Understanding of the mechanisms of drug resistance in C.auris is limited, but it is evident that effectiveness of screening for novel antimicrobials is restricted by drug resistance mechanisms, including activity of multi-drug resistance pumps. Improving the understanding of how these pumps impact on current drugs would be valuable in predicting resistance in clinical isolates. They also impact on screening for new drugs, because many compounds which may have a modest biocidal effect, but could be useful as lead compounds in structure activity relationship studies, slip through the net as they are pumped out of the cells before they can exert an effect. S.cerevisiae strains harbouring mutations in the genes encoding the Pdr1 and Pdr3 pleiotropic drug-resistance transcription factors and a gene involved in the biosynthesis of the sterol component of yeast membranes, feature a combination of increased membrane fluidity and compromised drug efflux, significantly increasing intracellular concentration of drugs, enhancing their activity. We aim to generate the same genetic background in C.auris. Development of the C.auris molecular genetic toolkit that enables manipulation of its genome is in its infancy. However, the genome sequence for this fungal pathogen is available as is a marker gene that permits selection of transformants. We will characterise the resistance phenotype, more specifically our manipulation of the ergosterol pathway should affect membrane fluidity; we will assess this by fluorescence polarization and HRMAS NMR metabolomics. At the same time we will use this drug sensitive C.auris strain to screen chemical libraries. Subsequently, the Galleria mellonella invertebrate model of systemic candidiasis will be employed to explore the impact of drugs that emerge from such screens.
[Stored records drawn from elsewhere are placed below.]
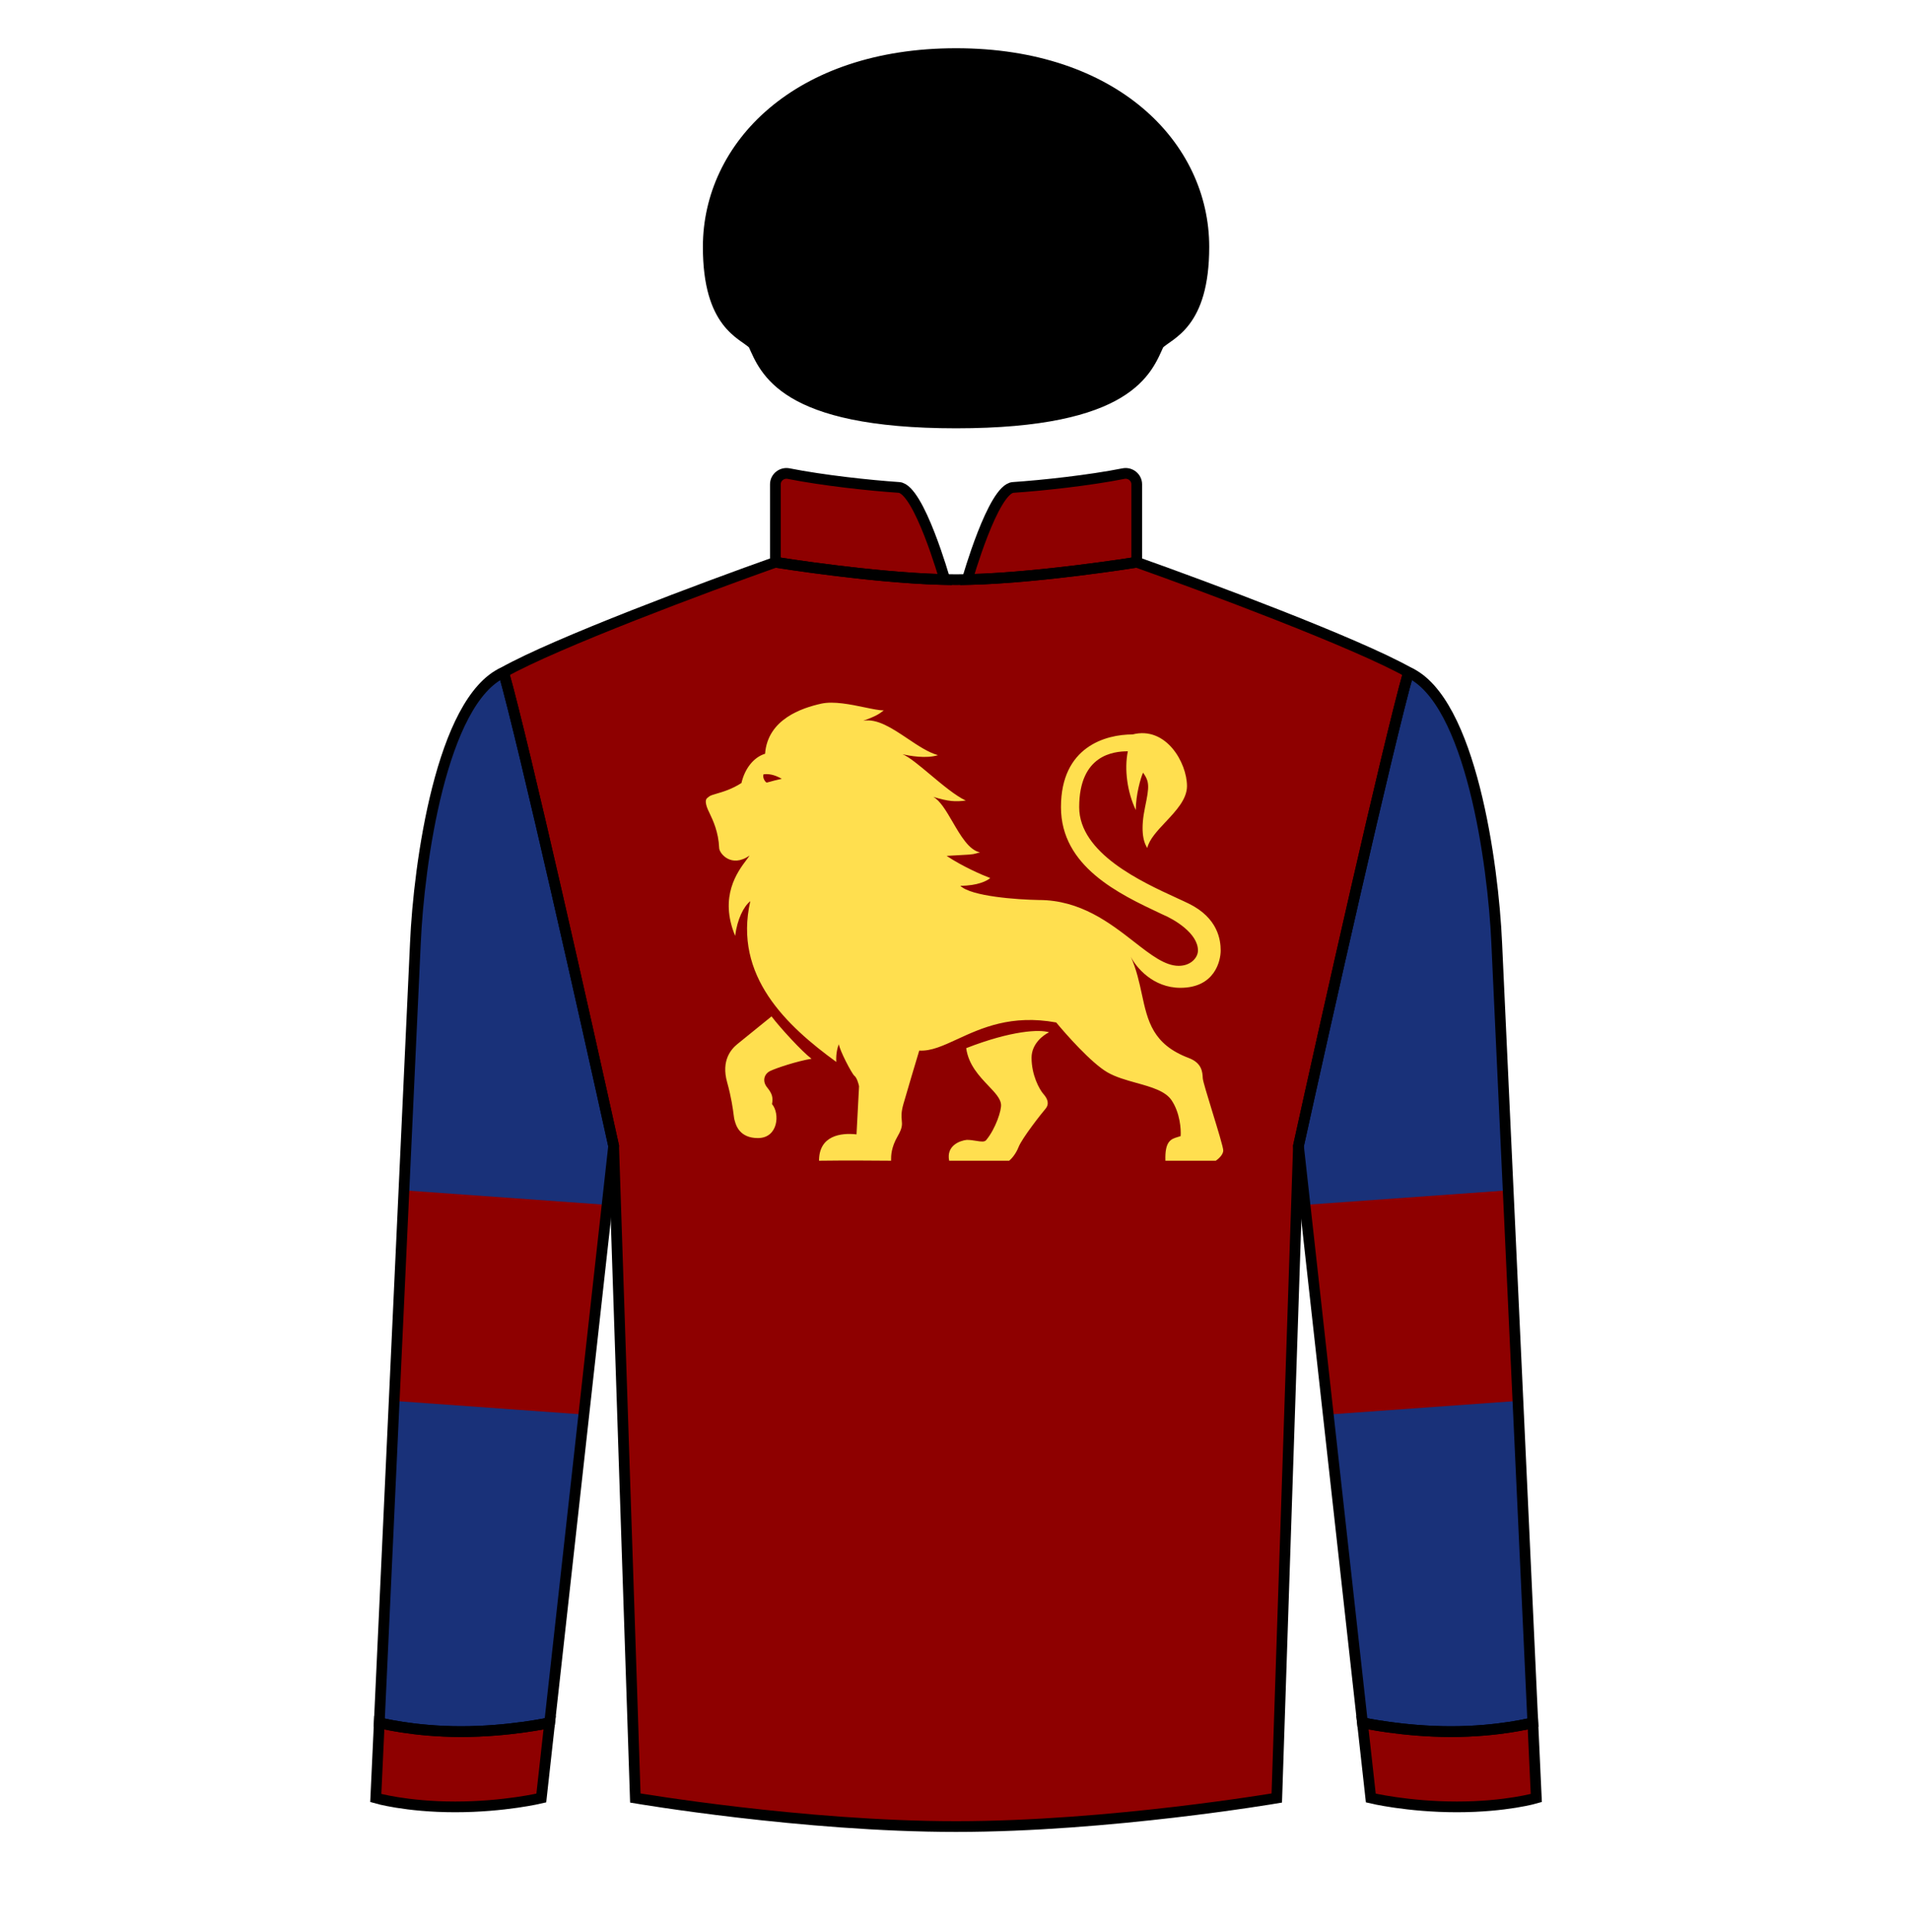
<svg width="89" height="90" xmlns="http://www.w3.org/2000/svg" fill="none" viewBox="0 0 89 90">

  

<path d="M36.13 26.19C36.13 26.19 41.171 27.003 44.549 27.003C47.926 27.003 52.968 26.19 52.968 26.19C56.179 27.329 63.207 29.95 65.631 31.317C64.637 34.859 61.798 47.502 60.504 53.38L59.494 83.755C59.494 83.755 51.688 85.085 44.549 85.085C37.41 85.085 29.604 83.755 29.604 83.755L28.594 53.38C27.299 47.502 24.461 34.859 23.467 31.317C25.891 29.95 32.919 27.329 36.13 26.19Z" fill="#8e0000"/>
<path d="M36.13 22.561V26.19C36.13 26.19 40.672 26.923 44.023 26.997C44.023 26.997 42.822 22.769 41.889 22.706C40.518 22.614 38.342 22.378 36.749 22.062C36.432 21.999 36.13 22.238 36.13 22.561Z" fill="#8e0000"/>
<path d="M52.968 22.561V26.19C52.968 26.19 48.425 26.923 45.075 26.997C45.075 26.997 46.276 22.769 47.209 22.706C48.58 22.614 50.756 22.378 52.349 22.062C52.666 21.999 52.968 22.238 52.968 22.561Z" fill="#8e0000"/><path fill-rule="evenodd" clip-rule="evenodd" d="M34.55 36.474C34.704 35.803 35.12 35.272 35.65 35.112C35.771 33.5 37.371 32.977 38.266 32.778C38.842 32.649 39.649 32.817 40.302 32.953C40.664 33.028 40.978 33.093 41.181 33.093C40.935 33.285 40.772 33.376 40.223 33.577C40.867 33.452 41.583 33.932 42.291 34.406C42.775 34.731 43.255 35.053 43.706 35.177C43.154 35.35 42.381 35.21 42.054 35.133C42.355 35.253 42.831 35.651 43.345 36.081C43.91 36.554 44.523 37.067 45.001 37.292C44.513 37.354 44.199 37.337 43.483 37.119C43.806 37.288 44.091 37.777 44.388 38.286C44.762 38.929 45.154 39.603 45.666 39.705L45.62 39.718L45.62 39.718L45.62 39.718C45.497 39.752 45.424 39.772 45.35 39.786C45.242 39.806 45.131 39.811 44.859 39.826L44.859 39.826L44.859 39.826L44.859 39.826C44.687 39.835 44.451 39.847 44.11 39.869C44.857 40.367 45.776 40.765 46.142 40.901C46.016 41.021 45.562 41.262 44.749 41.262C45.24 41.753 47.39 41.908 48.404 41.924C50.345 41.924 51.722 42.997 52.848 43.873L52.848 43.873C53.626 44.479 54.283 44.991 54.924 44.991C55.492 44.991 55.821 44.605 55.821 44.276C55.821 43.476 54.716 42.822 54.163 42.594L54.068 42.549C52.145 41.644 49.438 40.367 49.438 37.599C49.438 34.784 51.516 34.211 52.777 34.211C54.333 33.814 55.31 35.529 55.31 36.619C55.31 37.228 54.8 37.771 54.312 38.29C53.926 38.701 53.554 39.097 53.46 39.499C53.246 39.175 53.148 38.596 53.356 37.599C53.561 36.619 53.561 36.415 53.264 35.991C53.152 36.233 52.925 37.017 52.925 37.733C52.531 36.915 52.38 35.836 52.554 34.997C51.886 34.997 50.287 35.164 50.287 37.599C50.287 39.747 53.202 41.083 54.824 41.826L54.824 41.826L54.824 41.827C55.039 41.925 55.232 42.013 55.392 42.092C56.755 42.76 56.88 43.789 56.88 44.276C56.88 44.763 56.602 46.015 55.002 46.015C53.723 46.015 52.93 45.05 52.693 44.568C52.959 45.167 53.087 45.758 53.207 46.315C53.478 47.567 53.713 48.649 55.392 49.284C56.01 49.517 56.031 49.943 56.045 50.219L56.046 50.23C56.052 50.358 56.265 51.052 56.488 51.779L56.488 51.779L56.488 51.779L56.488 51.779C56.741 52.603 57.007 53.468 57 53.602C56.989 53.802 56.763 53.996 56.652 54.069H54.304C54.273 53.146 54.568 53.058 54.888 52.962C54.93 52.95 54.972 52.937 55.014 52.922C55.038 52.611 54.987 51.843 54.593 51.255C54.301 50.819 53.64 50.635 52.952 50.444L52.952 50.444C52.48 50.312 51.994 50.177 51.607 49.954C50.847 49.517 49.645 48.148 49.216 47.629C47.125 47.247 45.728 47.891 44.615 48.404L44.615 48.404C43.949 48.711 43.385 48.972 42.834 48.938C42.667 49.492 42.285 50.768 42.093 51.439C41.986 51.817 42.004 52.014 42.019 52.181C42.038 52.384 42.053 52.541 41.83 52.923C41.52 53.457 41.521 53.847 41.522 54.044L41.522 54.069C40.888 54.062 39.329 54.052 38.164 54.069C38.164 52.896 39.183 52.759 39.911 52.842L40.029 50.601C40.005 50.476 39.927 50.203 39.809 50.109C39.691 50.014 39.12 48.923 39.089 48.641C39.039 48.749 38.944 49.065 38.968 49.467C36.672 47.797 34.162 45.471 34.962 41.979C34.654 42.22 34.351 42.825 34.256 43.595C33.499 41.764 34.366 40.609 34.784 40.054L34.784 40.054C34.843 39.975 34.893 39.908 34.928 39.853C34.071 40.455 33.511 39.743 33.511 39.501C33.479 38.75 33.224 38.217 33.06 37.872C33.007 37.762 32.964 37.672 32.94 37.599C32.828 37.262 32.915 37.199 33.005 37.133C33.019 37.123 33.033 37.112 33.047 37.101C33.101 37.055 33.222 37.02 33.389 36.971C33.679 36.887 34.106 36.762 34.55 36.474ZM45.022 48.825C47.128 48.004 48.459 47.941 48.883 48.088C48.611 48.213 48.067 48.624 48.067 49.272C48.067 50.08 48.43 50.748 48.628 50.971C48.826 51.194 48.9 51.439 48.719 51.648C48.537 51.857 47.627 53.012 47.462 53.433C47.33 53.77 47.115 53.997 47.025 54.069H44.229C44.084 53.376 44.715 53.133 45.048 53.098C45.21 53.098 45.361 53.122 45.493 53.144L45.493 53.144C45.715 53.179 45.884 53.207 45.961 53.098C46.389 52.58 46.675 51.72 46.645 51.439C46.616 51.164 46.359 50.894 46.057 50.577C45.635 50.133 45.125 49.597 45.022 48.825ZM35.951 47.346C35.482 47.722 34.573 48.459 34.353 48.641C34.078 48.868 33.596 49.389 33.881 50.411C34.082 51.131 34.151 51.661 34.188 51.946C34.204 52.064 34.214 52.14 34.225 52.169C34.229 52.179 34.234 52.196 34.24 52.218L34.24 52.218L34.24 52.218C34.293 52.411 34.459 53.014 35.316 53.014C36.269 53.014 36.347 51.865 35.974 51.432C36.033 51.108 35.971 50.931 35.743 50.65C35.515 50.369 35.599 50.032 35.883 49.892C36.168 49.752 37.143 49.43 37.814 49.319C37.377 48.991 36.362 47.887 35.951 47.346ZM35.582 36.068C35.809 36.045 36.052 36.068 36.43 36.278C36.151 36.338 35.987 36.385 35.88 36.415C35.816 36.434 35.773 36.446 35.737 36.452C35.667 36.467 35.507 36.199 35.582 36.068Z" fill="#ffdf4f"/>
  
<path d="M21.211 84.168C23.51 84.168 25.223 83.755 25.223 83.755L25.612 80.248C25.612 80.248 23.732 80.662 21.487 80.662C19.242 80.662 17.673 80.248 17.673 80.248L17.51 83.755C17.51 83.755 18.913 84.168 21.211 84.168Z" fill="#193179"/>
<path d="M67.887 84.168C65.588 84.168 63.875 83.755 63.875 83.755L63.486 80.248C63.486 80.248 65.366 80.662 67.611 80.662C69.856 80.662 71.425 80.248 71.425 80.248L71.587 83.755C71.587 83.755 70.185 84.168 67.887 84.168Z" fill="#193179"/>
<path d="M28.594 53.38C27.299 47.502 24.461 34.859 23.467 31.317C20.561 32.622 19.515 40.269 19.356 43.929L17.673 80.248C17.673 80.248 19.242 80.662 21.487 80.662C23.732 80.662 25.612 80.248 25.612 80.248L28.594 53.38Z" fill="#193179"/>
<path d="M60.504 53.38C61.799 47.502 64.637 34.859 65.631 31.317C68.537 32.622 69.582 40.269 69.742 43.929L71.425 80.248C71.425 80.248 69.856 80.662 67.611 80.662C65.366 80.662 63.486 80.248 63.486 80.248L60.504 53.38Z" fill="#193179"/><path fill-rule="evenodd" clip-rule="evenodd" d="M18.368 65.257L18.822 55.448L28.289 56.126L27.205 65.891L18.368 65.257Z" fill="#8e0000"/>
<path fill-rule="evenodd" clip-rule="evenodd" d="M70.73 65.257L70.275 55.448L60.809 56.126L61.892 65.891L70.73 65.257Z" fill="#8e0000"/>
  <path d="M21.211 84.168C23.51 84.168 25.223 83.755 25.223 83.755L25.612 80.248C25.612 80.248 23.732 80.662 21.487 80.662C19.242 80.662 17.673 80.248 17.673 80.248L17.51 83.755C17.51 83.755 18.913 84.168 21.211 84.168Z" fill="#8e0000"/>
<path d="M67.887 84.168C65.588 84.168 63.875 83.755 63.875 83.755L63.486 80.248C63.486 80.248 65.366 80.662 67.611 80.662C69.856 80.662 71.425 80.248 71.425 80.248L71.587 83.755C71.587 83.755 70.185 84.168 67.887 84.168Z" fill="#8e0000"/>
  
<path d="M35.106 16.032C35.646 17.219 36.455 19.701 44.549 19.701C52.643 19.701 53.452 17.219 53.992 16.032C54.481 15.543 56.096 15.136 56.096 11.5C56.096 6.8 51.941 2.497 44.549 2.497C37.157 2.497 33.002 6.8 33.002 11.5C33.002 15.136 34.617 15.543 35.106 16.032Z" fill="#000000"/>
<path d="M33.002 11.5C33.002 15.136 34.617 15.543 35.106 16.032C35.106 16.032 38.201 17.376 44.58 17.376C50.959 17.376 53.992 16.032 53.992 16.032C54.481 15.543 56.096 15.136 56.096 11.5C56.096 6.797 51.941 2.504 44.549 2.504C37.157 2.504 33.002 6.797 33.002 11.5Z" fill="#000000"/><path fill-rule="evenodd" clip-rule="evenodd" d="M54.023 16.003C54.012 16.012 54.002 16.022 53.992 16.032C53.973 16.074 53.953 16.117 53.933 16.163C53.386 17.391 52.357 19.701 44.549 19.701C36.741 19.701 35.712 17.391 35.164 16.163C35.145 16.117 35.125 16.074 35.106 16.032C35.081 16.007 35.053 15.982 35.023 15.957L44.498 7.465L54.023 16.003ZM49.275 3.178L44.498 7.46L39.748 3.202C41.148 2.751 42.753 2.497 44.549 2.497C46.312 2.497 47.892 2.742 49.275 3.178Z" fill="#000000"/>
<path d="M36.13 26.19C36.13 26.19 41.171 27.003 44.549 27.003C47.926 27.003 52.968 26.19 52.968 26.19C56.179 27.329 63.207 29.95 65.631 31.317C64.637 34.859 61.798 47.502 60.504 53.38L59.494 83.755C59.494 83.755 51.688 85.085 44.549 85.085C37.41 85.085 29.604 83.755 29.604 83.755L28.594 53.38C27.299 47.502 24.461 34.859 23.467 31.317C25.891 29.95 32.919 27.329 36.13 26.19Z" stroke="black" stroke-width="0.5"/>
<path d="M36.13 22.561V26.19C36.13 26.19 40.672 26.923 44.023 26.997C44.023 26.997 42.822 22.769 41.889 22.706C40.518 22.614 38.342 22.378 36.749 22.062C36.432 21.999 36.13 22.238 36.13 22.561Z" stroke="black" stroke-width="0.5"/>
<path d="M52.968 22.561V26.19C52.968 26.19 48.425 26.923 45.075 26.997C45.075 26.997 46.276 22.769 47.209 22.706C48.58 22.614 50.756 22.378 52.349 22.062C52.666 21.999 52.968 22.238 52.968 22.561Z" stroke="black" stroke-width="0.5"/>
<path d="M28.594 53.38C27.299 47.502 24.461 34.859 23.467 31.317C20.561 32.622 19.515 40.269 19.356 43.929L17.673 80.248C17.673 80.248 19.242 80.662 21.487 80.662C23.732 80.662 25.612 80.248 25.612 80.248L28.594 53.38Z" stroke="black" stroke-width="0.5"/>
<path d="M60.504 53.38C61.799 47.502 64.637 34.859 65.631 31.317C68.537 32.622 69.582 40.269 69.742 43.929L71.425 80.248C71.425 80.248 69.856 80.662 67.611 80.662C65.366 80.662 63.486 80.248 63.486 80.248L60.504 53.38Z" stroke="black" stroke-width="0.5"/>
<path d="M21.211 84.168C23.51 84.168 25.223 83.755 25.223 83.755L25.612 80.248C25.612 80.248 23.732 80.662 21.487 80.662C19.242 80.662 17.673 80.248 17.673 80.248L17.51 83.755C17.51 83.755 18.913 84.168 21.211 84.168Z" stroke="black" stroke-width="0.5"/>
<path d="M67.887 84.168C65.588 84.168 63.875 83.755 63.875 83.755L63.486 80.248C63.486 80.248 65.366 80.662 67.611 80.662C69.856 80.662 71.425 80.248 71.425 80.248L71.587 83.755C71.587 83.755 70.185 84.168 67.887 84.168Z" stroke="black" stroke-width="0.5"/>
<path d="M35.106 16.032C35.646 17.219 36.455 19.701 44.549 19.701C52.643 19.701 53.452 17.219 53.992 16.032C54.481 15.543 56.096 15.136 56.096 11.5C56.096 6.8 51.941 2.497 44.549 2.497C37.157 2.497 33.002 6.8 33.002 11.5C33.002 15.136 34.617 15.543 35.106 16.032Z" stroke="black" stroke-width="0.5"/>
<path d="M33.002 11.5C33.002 15.136 34.617 15.543 35.106 16.032C35.106 16.032 38.201 17.376 44.58 17.376C50.959 17.376 53.992 16.032 53.992 16.032C54.481 15.543 56.096 15.136 56.096 11.5C56.096 6.797 51.941 2.504 44.549 2.504C37.157 2.504 33.002 6.797 33.002 11.5Z" stroke="black" stroke-width="0.3"/>

</svg>

Dequalinium is a quaternary ammonium cation and bola-amphiphile commonly used as an antiseptic. Several derivatives of this compound display improved antibacterial activity (Mason, unpublished). However, the most potent antimicrobial activity was that displayed against C.albicans by two of these bolalipids. The same two compounds are also effective against C.auris, We aim to use fungal molecular genetics to determine the mechanism that underpins this toxicity. Initially we will use the extensive molecular-genetic toolkit that has been developed in the baker's yeast S. cerevisiae, initially using a simplified screen comprising a subset of yeast gene deletion signature strains to probe bolalipid mode of action. The idea behind such profiling is that instead of assays involving isolated proteins against test compounds, collections of yeast gene deletion strains can be used to measure the sensitivity of whole cells, a strategy which is less laborious, and relatively inexpensive. This will reveal facets of cell biology that are involved in bolalipid toxicity. Data can be validated by modulation of the relevant biological pathways (via gene deletion or over-expression) followed by assessing how this affects bolalipid toxicity.